Dogecoin was created as a parody of the several scam cryptocurrency coins in circulation and was inspired by a Shiba Inu meme that first surfaced several years back. It garnered media attention when Dogecoin reached the top ten crypto coins in 2021 and gave holders massive profits in a single year. Dogecoin has stayed at the top ever since, mainly because of the Dogecoin community that follows it.

Dogecoin is an open-source cryptocurrency that uses a proof-of-work consensus algorithm to achieve its goals. Elon Musk, the founder of Tesla, tweeted a couple of times endorsing cryptocurrency, which caused it to skyrocket. His business recognizes Dogecoin in exchange for Tesla goods. Dogecoin has been at the receiving end of multiple celebrity endorsements. Dogecoin is the most popular meme coin in existence and a lot of people want to be associated with it. Dogecoin will continue to dominate the market for years to come if celebrities continue endorsing it and the community continues the hype.

Dogecoins main rival, Shiba Inu (SHIB), was released and built on the Ethereum blockchain as a cryptocurrency in August 2020. The Shiba Inu token, SHIB, is a decentralized network that offers traders the chance to gain benefits from taking part in its community. In the ecosystem, it serves as the primary means of exchange, and users can use it to stake, trade, or gain.

The SHIB token is the second most popular meme token on the market. It is capable of being used to create a reliable and effective economy.

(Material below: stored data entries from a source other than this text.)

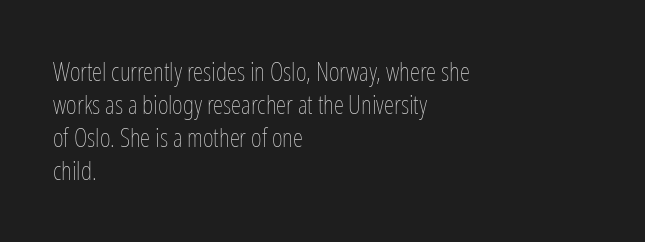
Q: Is the text bold? A: No.
Q: Is the text italic (slanted)? A: No, it is upright.
Q: Is the text underlined? A: No.
Q: How is the paragraph aligned? A: Left-aligned.
Q: Is the spacing between letters normal or unusually wide? A: Normal.
Q: Is the spacing between lines tight, normal or loose? A: Normal.
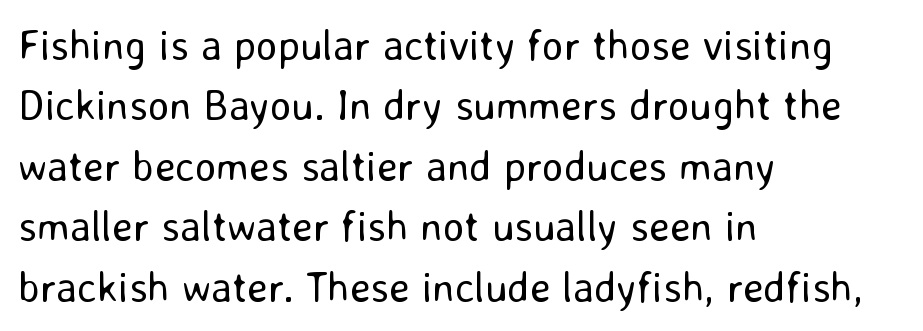
Q: Is the text bold? A: No.
Q: Is the text italic (slanted)? A: No, it is upright.
Q: Is the typeface a serif or a sans-serif typeface? A: Sans-serif.
Q: Is the text underlined? A: No.
Q: How is the paragraph aligned? A: Left-aligned.
Q: Is the spacing between letters normal or unusually wide? A: Normal.
Q: Is the spacing between lines tight, normal or loose? A: Normal.
Q: Width (condensed, normal, or wide)? A: Normal.
Q: Stroke contrast? A: Low.
Q: x-height? A: Medium.
Q: Monospaced? A: No.
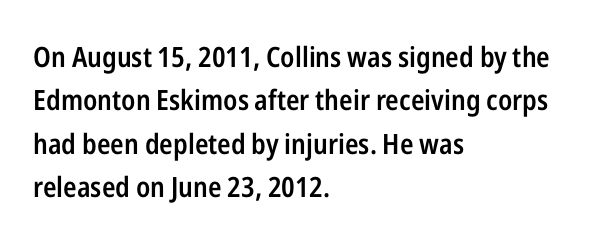
{"serif": "no", "italic": "no", "bold": "semi", "weight": "semibold", "width": "condensed", "stroke_contrast": "low", "x_height": "medium", "monospaced": "no", "underline": "no", "align": "left", "line_spacing": "normal", "line_spacing_ratio": 1.55, "letter_spacing": "normal", "letter_spacing_em": 0.0, "glyph_px": 28}

SHIB is gaining more recognition as a top payment medium. Shiba Inus entry into the metaverse is another fascinating event. The metaverse is their most recently virtual reality and metaverse initiative where SHIB holders can now use the token to buy virtual land plots.

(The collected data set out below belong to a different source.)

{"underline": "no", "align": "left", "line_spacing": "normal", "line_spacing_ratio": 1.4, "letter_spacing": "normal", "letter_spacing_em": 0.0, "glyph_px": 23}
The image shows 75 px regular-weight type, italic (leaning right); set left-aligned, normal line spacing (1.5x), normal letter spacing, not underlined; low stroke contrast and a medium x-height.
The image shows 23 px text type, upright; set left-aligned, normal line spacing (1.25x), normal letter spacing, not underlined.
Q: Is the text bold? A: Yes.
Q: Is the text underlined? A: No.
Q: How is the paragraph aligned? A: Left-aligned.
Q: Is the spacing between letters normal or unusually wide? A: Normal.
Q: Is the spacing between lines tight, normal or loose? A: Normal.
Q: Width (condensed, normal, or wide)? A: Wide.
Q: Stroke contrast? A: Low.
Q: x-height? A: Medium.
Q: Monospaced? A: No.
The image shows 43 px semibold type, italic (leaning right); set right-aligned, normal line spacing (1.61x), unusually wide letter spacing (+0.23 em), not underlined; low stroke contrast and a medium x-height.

Pugglit Inu (PUGT) is a new meme coin project designed to transform the trading of cryptocurrencies. The initiative seeks to usher in a new era of meme coins, similar to how it happened when the popularity of meme coins skyrocketed in 2020.

The Pugglit Inu project is inspired by the Pugglit Inu meme, a combination of the words puggle and piglet. The coin is designed to reflect the best characteristics of both animals and they are featured on the PUGT platform. The projects thorough record-keeping and environmental conservation are a reflection of the piggies exceptional memory and excellent hygiene. On the pug front, the projects community-friendliness and customer-care service reflect the pugs friendly and devoted attitude.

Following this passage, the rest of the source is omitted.